The Consortium functions as an organizing entity allowing this diverse group of stakeholders to identify, prioritize, develop, and execute solutions for patient-identified needs and gaps within the sickle cell community.
Bayou Beat News spoke with Dr. Bailey during a recent interview where she discussed the Sickle Cell Consortium’s 11th Annual Warriors Convention, the importance of returning the conference to Atlanta, Georgia and the recent surge of sickle cell awareness in television and mainstream media.
When asked about her excitement for this year’s convention, Dr. Bailey said, “I am most excited about the children. We have tracks for all age groups and a free nursery for babies between 18 months and four years. We partner with an organization licensed to take care of the young ones, and we have activities, education, and a STEM room available for the children.”
This year’s highly anticipated Sickle Cell Warriors Convention will be hosted at the Atlanta Westin Perimeter North Hotel from July 17 to July 21, after last year’s success in Houston, Texas.
Excitement surrounds the convention, partly due to Atlanta’s recent establishment of a first-of-its-kind sickle cell sanctuary, thanks to the Sickle Cell Foundation of Georgia.
“They are one of our partners that has opened that up locally. They have so much that they’re planning to do and there are so many services that can be accessed free of charge. It really does provide a place for warriors to go to seek alternative treatment in care. There’s the hospital of course, but we all hate to go, the sanctuary is someplace you can look forward to going to also get different types of treatments and care,” Dr. Bailey noted.
But deciding to bring the convention to Atlanta wasn’t an overnight decision.

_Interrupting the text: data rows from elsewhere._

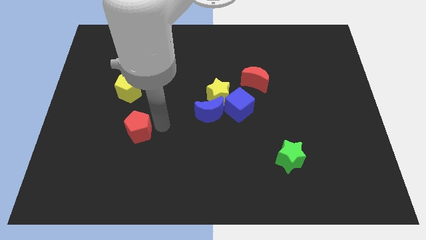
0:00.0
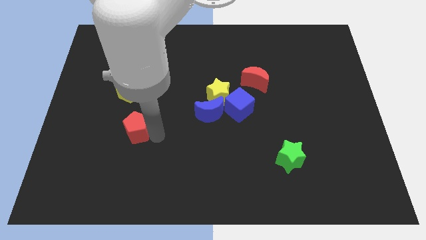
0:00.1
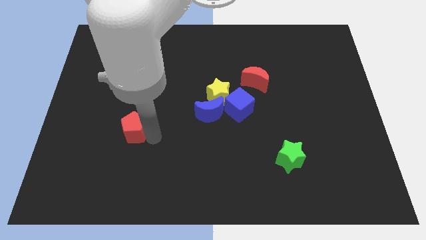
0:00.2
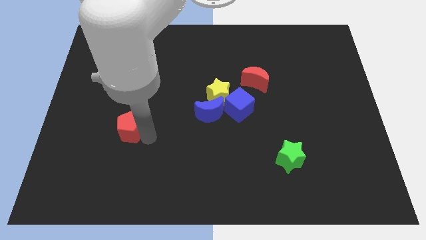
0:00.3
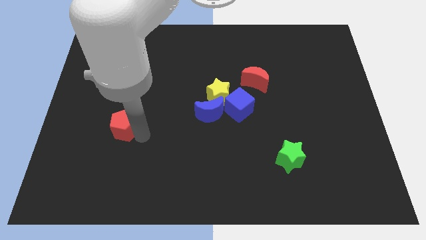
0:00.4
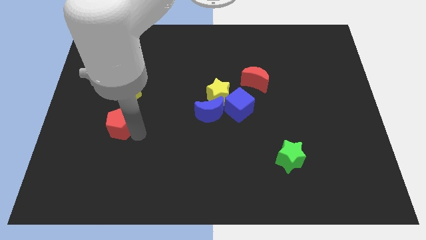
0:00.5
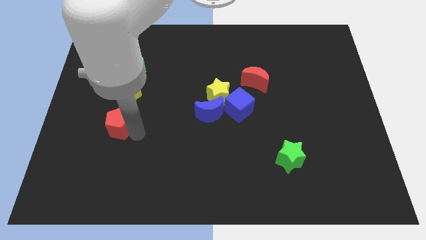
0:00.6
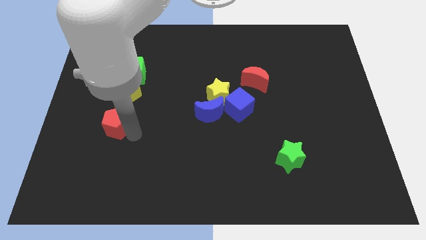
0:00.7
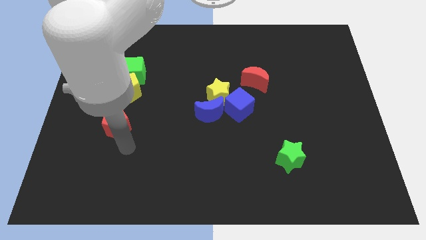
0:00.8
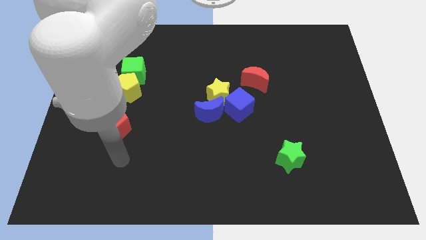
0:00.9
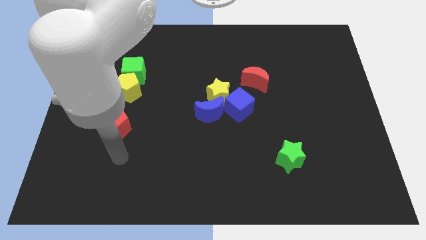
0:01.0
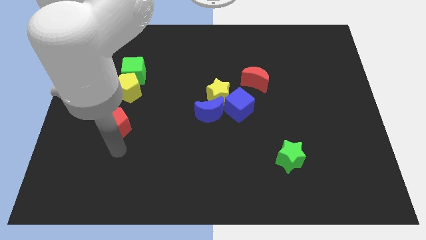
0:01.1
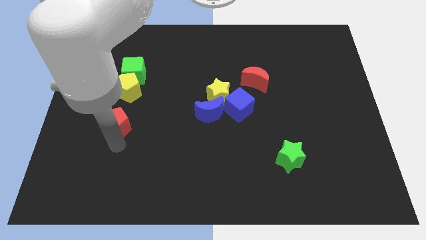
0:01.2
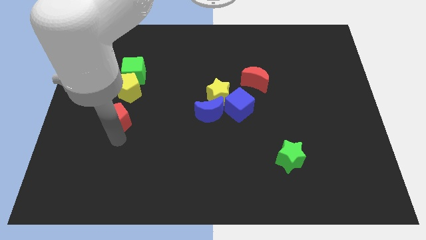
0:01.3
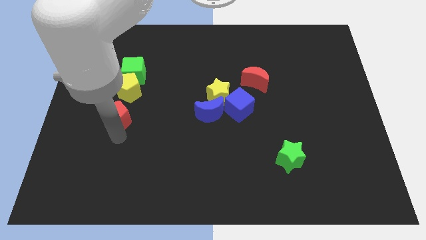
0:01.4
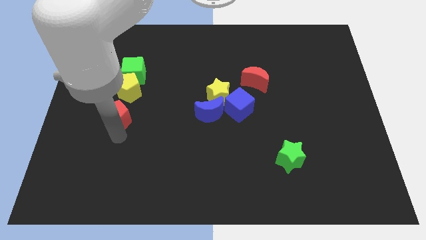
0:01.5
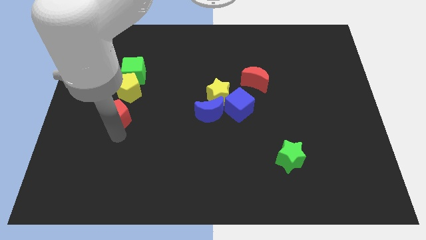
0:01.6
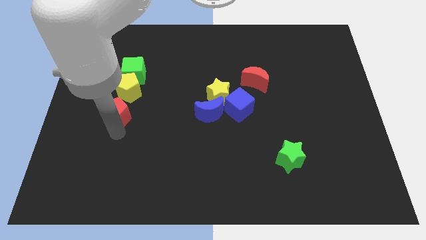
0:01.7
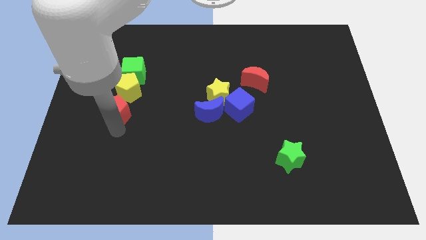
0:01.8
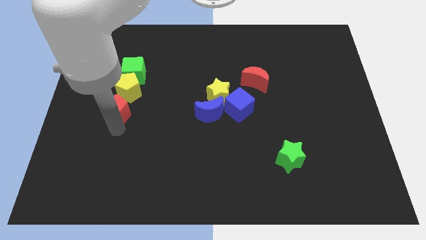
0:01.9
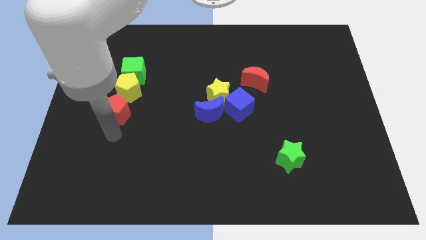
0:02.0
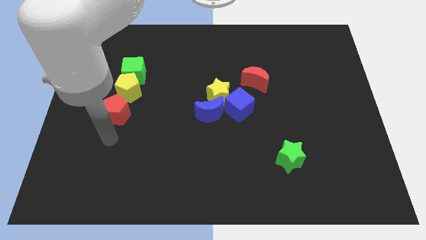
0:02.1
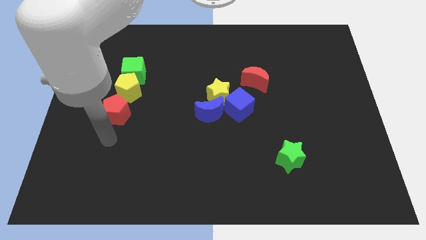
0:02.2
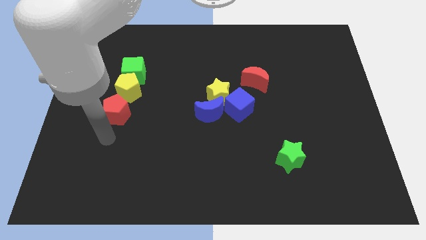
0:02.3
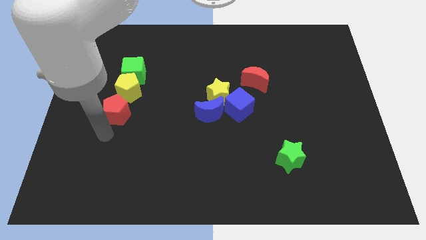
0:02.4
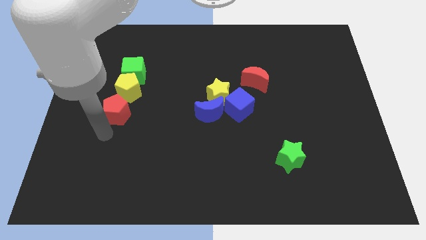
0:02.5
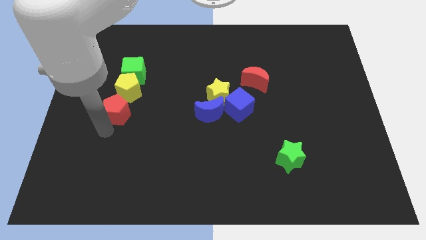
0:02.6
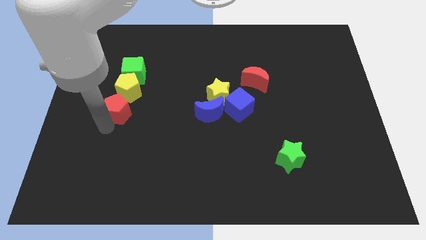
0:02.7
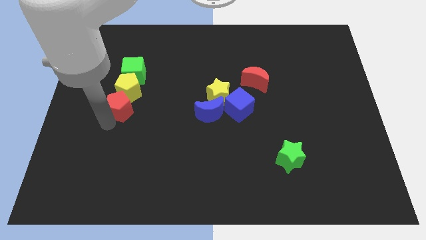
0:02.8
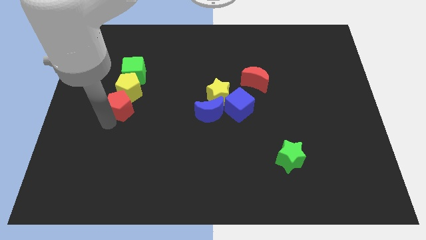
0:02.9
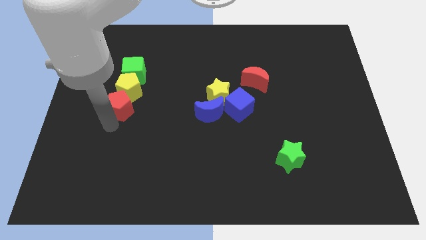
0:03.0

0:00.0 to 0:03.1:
move the red pentagon into the bottom side of the yellow pentagon

“It’s a vote. The sickle cell community votes two years out where we’re going to go, and it moves around based on where that vote lands,” she explained. “We are excited to return to our home city of Atlanta. This year’s theme, ‘Lead the Way: From Patient to Powerhouse,’ embodies the journey and transformation of those affected by sickle cell disease.”
The convention promises to be a unique and comprehensive event designed entirely by and for the sickle cell patient and family community. It will feature the reintroduction of the Sickle Cell Consortium’s Warrior University classes, a faith-based brunch, a family game night, a campus carnival, and dedicated sessions for various groups including men, young adults, caregivers, and newly diagnosed families. The Expo, scheduled for Saturday from 12 to 4 p.m., offers free booths for those working on sickle cell treatments, therapies, and technologies.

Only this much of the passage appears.